The task:
The records below hold a stretch from the line with "-juice mixture was" through the line with "-crease of ague."; return exactly those lines, ends included, and nothing more.

(Source records)
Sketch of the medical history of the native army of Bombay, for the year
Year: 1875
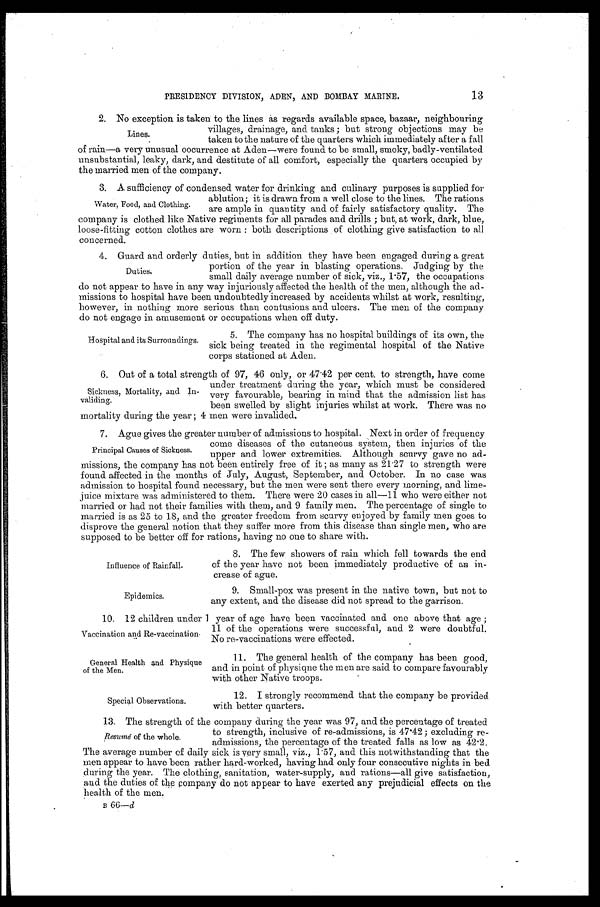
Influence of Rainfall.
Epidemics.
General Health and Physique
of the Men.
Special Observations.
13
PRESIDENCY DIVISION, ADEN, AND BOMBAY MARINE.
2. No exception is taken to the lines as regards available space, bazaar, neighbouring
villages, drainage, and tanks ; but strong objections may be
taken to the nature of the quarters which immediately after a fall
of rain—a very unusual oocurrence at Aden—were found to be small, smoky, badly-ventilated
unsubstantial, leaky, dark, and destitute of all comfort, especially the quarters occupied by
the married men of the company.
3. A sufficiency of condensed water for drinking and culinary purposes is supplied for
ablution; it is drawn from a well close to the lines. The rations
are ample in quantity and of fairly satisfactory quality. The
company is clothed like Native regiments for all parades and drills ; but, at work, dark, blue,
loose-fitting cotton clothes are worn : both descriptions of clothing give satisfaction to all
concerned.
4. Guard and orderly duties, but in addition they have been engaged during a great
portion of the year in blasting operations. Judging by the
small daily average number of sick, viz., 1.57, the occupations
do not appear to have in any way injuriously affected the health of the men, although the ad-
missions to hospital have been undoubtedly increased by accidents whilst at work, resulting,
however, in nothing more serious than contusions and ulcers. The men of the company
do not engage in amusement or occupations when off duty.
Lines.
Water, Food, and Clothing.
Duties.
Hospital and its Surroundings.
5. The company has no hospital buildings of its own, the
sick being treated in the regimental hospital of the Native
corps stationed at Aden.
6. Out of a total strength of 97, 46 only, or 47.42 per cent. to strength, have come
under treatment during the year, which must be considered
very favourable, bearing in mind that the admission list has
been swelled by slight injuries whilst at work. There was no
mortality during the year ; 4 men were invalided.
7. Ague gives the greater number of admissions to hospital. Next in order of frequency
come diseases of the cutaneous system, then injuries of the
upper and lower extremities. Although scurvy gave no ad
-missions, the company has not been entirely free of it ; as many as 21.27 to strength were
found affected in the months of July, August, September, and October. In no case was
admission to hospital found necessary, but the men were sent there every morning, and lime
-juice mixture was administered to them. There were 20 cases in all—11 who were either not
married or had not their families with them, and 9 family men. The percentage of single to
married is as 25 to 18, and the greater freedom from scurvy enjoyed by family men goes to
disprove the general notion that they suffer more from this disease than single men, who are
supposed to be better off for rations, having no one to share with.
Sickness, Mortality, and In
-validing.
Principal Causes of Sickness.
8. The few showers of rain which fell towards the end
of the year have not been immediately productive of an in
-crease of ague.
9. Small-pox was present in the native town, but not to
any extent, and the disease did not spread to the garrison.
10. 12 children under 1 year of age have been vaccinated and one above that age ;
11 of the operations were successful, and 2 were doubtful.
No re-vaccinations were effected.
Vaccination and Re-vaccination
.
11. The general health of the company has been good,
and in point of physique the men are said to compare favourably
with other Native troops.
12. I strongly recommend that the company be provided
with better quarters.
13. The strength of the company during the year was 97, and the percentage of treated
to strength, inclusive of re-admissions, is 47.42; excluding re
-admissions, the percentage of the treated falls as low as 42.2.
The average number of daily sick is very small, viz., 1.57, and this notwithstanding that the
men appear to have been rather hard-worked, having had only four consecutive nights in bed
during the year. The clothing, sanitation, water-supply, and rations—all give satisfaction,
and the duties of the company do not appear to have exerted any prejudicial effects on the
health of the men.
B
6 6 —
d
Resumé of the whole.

Output of the exercise:
-juice mixture was administered to them. There were 20 cases in all—11 who were either not
married or had not their families with them, and 9 family men. The percentage of single to
married is as 25 to 18, and the greater freedom from scurvy enjoyed by family men goes to
disprove the general notion that they suffer more from this disease than single men, who are
supposed to be better off for rations, having no one to share with.
Sickness, Mortality, and In
-validing.
Principal Causes of Sickness.
8. The few showers of rain which fell towards the end
of the year have not been immediately productive of an in
-crease of ague.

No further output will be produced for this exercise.